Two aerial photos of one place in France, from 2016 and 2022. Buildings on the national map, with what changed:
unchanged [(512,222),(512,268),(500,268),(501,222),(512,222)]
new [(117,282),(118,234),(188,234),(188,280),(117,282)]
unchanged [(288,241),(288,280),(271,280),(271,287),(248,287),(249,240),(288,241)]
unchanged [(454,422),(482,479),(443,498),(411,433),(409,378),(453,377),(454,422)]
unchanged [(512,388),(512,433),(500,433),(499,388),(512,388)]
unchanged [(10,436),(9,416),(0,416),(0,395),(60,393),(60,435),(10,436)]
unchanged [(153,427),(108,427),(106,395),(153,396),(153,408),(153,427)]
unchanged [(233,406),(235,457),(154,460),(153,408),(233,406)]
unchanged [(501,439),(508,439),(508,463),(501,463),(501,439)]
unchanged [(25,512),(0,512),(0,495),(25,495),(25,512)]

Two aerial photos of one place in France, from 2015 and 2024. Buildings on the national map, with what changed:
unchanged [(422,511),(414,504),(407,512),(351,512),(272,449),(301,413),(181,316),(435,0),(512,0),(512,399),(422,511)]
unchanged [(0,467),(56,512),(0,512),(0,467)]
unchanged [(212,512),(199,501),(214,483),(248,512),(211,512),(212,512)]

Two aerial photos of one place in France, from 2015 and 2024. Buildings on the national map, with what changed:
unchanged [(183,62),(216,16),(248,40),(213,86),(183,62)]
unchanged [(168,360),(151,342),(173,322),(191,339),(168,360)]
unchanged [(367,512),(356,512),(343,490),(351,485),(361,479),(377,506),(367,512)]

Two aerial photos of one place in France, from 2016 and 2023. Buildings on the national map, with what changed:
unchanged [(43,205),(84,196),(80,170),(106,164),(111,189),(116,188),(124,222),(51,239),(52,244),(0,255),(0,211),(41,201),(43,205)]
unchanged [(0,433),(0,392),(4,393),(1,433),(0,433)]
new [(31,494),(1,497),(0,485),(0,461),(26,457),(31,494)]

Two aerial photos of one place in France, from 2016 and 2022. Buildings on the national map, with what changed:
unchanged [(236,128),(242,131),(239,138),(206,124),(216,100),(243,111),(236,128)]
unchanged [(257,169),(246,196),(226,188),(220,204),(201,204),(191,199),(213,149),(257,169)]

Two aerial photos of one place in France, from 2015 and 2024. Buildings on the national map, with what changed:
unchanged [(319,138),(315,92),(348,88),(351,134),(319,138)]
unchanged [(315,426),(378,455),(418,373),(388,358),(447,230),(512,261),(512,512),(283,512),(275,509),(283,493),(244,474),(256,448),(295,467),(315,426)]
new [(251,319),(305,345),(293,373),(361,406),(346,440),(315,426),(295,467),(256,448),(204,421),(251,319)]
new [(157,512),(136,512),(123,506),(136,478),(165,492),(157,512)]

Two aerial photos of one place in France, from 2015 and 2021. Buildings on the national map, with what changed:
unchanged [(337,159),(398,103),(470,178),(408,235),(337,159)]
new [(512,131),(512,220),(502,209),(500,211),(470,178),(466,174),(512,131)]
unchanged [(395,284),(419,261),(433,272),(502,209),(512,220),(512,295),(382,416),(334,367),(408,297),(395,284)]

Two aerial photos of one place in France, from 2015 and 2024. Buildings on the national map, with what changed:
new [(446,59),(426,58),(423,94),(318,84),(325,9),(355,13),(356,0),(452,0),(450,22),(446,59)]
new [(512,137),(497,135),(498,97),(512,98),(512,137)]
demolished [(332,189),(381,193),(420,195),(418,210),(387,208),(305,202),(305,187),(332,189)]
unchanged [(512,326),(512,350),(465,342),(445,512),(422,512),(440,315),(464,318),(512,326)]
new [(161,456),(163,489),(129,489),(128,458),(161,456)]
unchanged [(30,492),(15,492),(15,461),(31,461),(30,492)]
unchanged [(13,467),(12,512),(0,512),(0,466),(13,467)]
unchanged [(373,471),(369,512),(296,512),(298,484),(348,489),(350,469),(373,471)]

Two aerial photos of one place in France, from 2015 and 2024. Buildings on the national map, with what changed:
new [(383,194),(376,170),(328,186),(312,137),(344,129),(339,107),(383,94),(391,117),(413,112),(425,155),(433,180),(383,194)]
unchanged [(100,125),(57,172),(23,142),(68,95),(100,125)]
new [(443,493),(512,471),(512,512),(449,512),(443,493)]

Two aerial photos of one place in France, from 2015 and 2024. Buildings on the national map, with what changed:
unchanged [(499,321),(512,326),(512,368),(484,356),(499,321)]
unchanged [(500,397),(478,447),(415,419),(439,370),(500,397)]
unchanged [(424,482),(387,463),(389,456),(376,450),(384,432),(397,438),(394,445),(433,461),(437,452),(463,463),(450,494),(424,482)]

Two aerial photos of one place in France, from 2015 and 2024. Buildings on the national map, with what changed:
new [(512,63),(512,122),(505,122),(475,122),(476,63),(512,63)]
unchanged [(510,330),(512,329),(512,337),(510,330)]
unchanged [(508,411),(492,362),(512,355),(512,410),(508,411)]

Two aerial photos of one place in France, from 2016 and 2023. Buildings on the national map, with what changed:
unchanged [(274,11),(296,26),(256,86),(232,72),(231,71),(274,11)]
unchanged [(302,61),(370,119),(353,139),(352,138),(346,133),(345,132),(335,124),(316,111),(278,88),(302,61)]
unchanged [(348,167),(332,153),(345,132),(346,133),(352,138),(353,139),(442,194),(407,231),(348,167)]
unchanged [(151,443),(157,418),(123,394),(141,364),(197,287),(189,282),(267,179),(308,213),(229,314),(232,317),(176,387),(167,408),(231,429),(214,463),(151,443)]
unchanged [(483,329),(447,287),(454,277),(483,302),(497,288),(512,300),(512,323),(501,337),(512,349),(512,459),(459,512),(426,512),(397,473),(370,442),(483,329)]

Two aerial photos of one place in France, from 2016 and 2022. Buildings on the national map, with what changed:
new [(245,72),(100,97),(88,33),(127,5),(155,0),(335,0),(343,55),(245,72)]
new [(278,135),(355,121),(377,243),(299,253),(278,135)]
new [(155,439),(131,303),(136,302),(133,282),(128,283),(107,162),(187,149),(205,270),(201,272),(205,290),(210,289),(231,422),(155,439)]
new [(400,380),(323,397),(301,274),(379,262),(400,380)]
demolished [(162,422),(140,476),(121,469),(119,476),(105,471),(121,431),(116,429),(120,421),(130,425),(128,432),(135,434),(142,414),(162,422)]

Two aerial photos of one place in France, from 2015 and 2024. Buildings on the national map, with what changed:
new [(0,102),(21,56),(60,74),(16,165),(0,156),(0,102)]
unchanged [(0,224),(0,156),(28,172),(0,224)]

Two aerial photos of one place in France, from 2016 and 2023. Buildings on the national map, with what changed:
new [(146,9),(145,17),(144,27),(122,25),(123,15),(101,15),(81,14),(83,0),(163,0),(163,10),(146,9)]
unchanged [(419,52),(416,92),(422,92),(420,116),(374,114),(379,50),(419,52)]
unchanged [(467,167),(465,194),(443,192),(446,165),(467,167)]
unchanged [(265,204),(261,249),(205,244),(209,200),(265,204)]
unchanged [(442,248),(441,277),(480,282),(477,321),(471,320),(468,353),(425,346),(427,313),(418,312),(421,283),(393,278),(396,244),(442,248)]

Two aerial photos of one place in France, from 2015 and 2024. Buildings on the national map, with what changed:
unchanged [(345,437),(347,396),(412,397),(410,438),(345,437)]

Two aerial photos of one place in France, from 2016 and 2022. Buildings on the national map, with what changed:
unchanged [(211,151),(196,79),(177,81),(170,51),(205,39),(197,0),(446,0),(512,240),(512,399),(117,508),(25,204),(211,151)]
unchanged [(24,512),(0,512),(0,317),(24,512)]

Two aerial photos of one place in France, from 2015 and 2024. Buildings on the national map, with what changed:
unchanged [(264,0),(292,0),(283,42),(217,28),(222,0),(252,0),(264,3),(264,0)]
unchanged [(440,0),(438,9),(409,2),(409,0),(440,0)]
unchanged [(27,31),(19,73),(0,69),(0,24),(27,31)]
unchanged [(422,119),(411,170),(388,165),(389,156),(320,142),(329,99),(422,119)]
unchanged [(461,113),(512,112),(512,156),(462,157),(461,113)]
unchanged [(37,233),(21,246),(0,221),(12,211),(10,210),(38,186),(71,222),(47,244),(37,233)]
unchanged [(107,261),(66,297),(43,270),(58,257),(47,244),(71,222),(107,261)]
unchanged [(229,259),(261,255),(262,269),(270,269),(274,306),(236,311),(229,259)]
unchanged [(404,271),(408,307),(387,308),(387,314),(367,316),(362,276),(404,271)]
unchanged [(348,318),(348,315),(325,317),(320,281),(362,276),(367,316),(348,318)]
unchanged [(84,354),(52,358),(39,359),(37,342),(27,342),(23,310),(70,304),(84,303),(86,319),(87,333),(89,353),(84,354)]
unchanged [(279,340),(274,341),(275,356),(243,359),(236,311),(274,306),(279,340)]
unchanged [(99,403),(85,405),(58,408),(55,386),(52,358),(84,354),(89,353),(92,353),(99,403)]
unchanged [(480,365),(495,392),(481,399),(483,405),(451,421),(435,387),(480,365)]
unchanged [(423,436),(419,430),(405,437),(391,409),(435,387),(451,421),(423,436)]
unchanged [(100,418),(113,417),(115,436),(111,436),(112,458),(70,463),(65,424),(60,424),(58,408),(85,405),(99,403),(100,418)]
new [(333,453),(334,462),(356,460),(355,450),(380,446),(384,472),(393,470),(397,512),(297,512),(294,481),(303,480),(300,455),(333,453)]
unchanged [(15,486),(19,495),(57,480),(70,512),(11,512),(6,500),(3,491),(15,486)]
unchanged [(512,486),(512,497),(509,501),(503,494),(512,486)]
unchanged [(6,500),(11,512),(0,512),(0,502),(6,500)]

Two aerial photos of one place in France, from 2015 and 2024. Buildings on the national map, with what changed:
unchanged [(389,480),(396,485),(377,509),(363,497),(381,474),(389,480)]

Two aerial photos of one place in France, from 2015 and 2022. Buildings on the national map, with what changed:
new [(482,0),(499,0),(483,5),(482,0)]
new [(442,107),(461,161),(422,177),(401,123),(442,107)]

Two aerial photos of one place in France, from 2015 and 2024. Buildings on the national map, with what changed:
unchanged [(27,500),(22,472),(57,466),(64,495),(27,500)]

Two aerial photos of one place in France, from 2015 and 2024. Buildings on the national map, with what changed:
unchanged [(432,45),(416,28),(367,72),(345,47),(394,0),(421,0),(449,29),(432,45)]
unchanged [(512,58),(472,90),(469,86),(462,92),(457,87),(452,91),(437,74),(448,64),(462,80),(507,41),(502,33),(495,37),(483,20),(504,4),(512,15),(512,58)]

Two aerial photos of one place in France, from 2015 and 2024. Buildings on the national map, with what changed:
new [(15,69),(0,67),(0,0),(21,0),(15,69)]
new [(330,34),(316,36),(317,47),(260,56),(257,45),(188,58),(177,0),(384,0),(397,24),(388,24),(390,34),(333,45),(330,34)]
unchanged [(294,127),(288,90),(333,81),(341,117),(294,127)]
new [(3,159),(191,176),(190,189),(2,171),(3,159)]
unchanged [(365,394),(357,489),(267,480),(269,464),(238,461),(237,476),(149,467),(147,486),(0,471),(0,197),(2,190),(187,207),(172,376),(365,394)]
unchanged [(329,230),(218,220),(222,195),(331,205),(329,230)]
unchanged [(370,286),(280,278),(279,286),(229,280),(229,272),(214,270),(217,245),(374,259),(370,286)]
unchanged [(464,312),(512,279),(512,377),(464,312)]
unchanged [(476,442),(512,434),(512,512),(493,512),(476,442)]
● ● ● ● ● ● ●
Work required: Type out exactly the span of lines from the one with "2015 and 2022." to the end of the material above, counting both end lines, and nothing else.

Reply:
Two aerial photos of one place in France, from 2015 and 2022. Buildings on the national map, with what changed:
new [(482,0),(499,0),(483,5),(482,0)]
new [(442,107),(461,161),(422,177),(401,123),(442,107)]

Two aerial photos of one place in France, from 2015 and 2024. Buildings on the national map, with what changed:
unchanged [(27,500),(22,472),(57,466),(64,495),(27,500)]

Two aerial photos of one place in France, from 2015 and 2024. Buildings on the national map, with what changed:
unchanged [(432,45),(416,28),(367,72),(345,47),(394,0),(421,0),(449,29),(432,45)]
unchanged [(512,58),(472,90),(469,86),(462,92),(457,87),(452,91),(437,74),(448,64),(462,80),(507,41),(502,33),(495,37),(483,20),(504,4),(512,15),(512,58)]

Two aerial photos of one place in France, from 2015 and 2024. Buildings on the national map, with what changed:
new [(15,69),(0,67),(0,0),(21,0),(15,69)]
new [(330,34),(316,36),(317,47),(260,56),(257,45),(188,58),(177,0),(384,0),(397,24),(388,24),(390,34),(333,45),(330,34)]
unchanged [(294,127),(288,90),(333,81),(341,117),(294,127)]
new [(3,159),(191,176),(190,189),(2,171),(3,159)]
unchanged [(365,394),(357,489),(267,480),(269,464),(238,461),(237,476),(149,467),(147,486),(0,471),(0,197),(2,190),(187,207),(172,376),(365,394)]
unchanged [(329,230),(218,220),(222,195),(331,205),(329,230)]
unchanged [(370,286),(280,278),(279,286),(229,280),(229,272),(214,270),(217,245),(374,259),(370,286)]
unchanged [(464,312),(512,279),(512,377),(464,312)]
unchanged [(476,442),(512,434),(512,512),(493,512),(476,442)]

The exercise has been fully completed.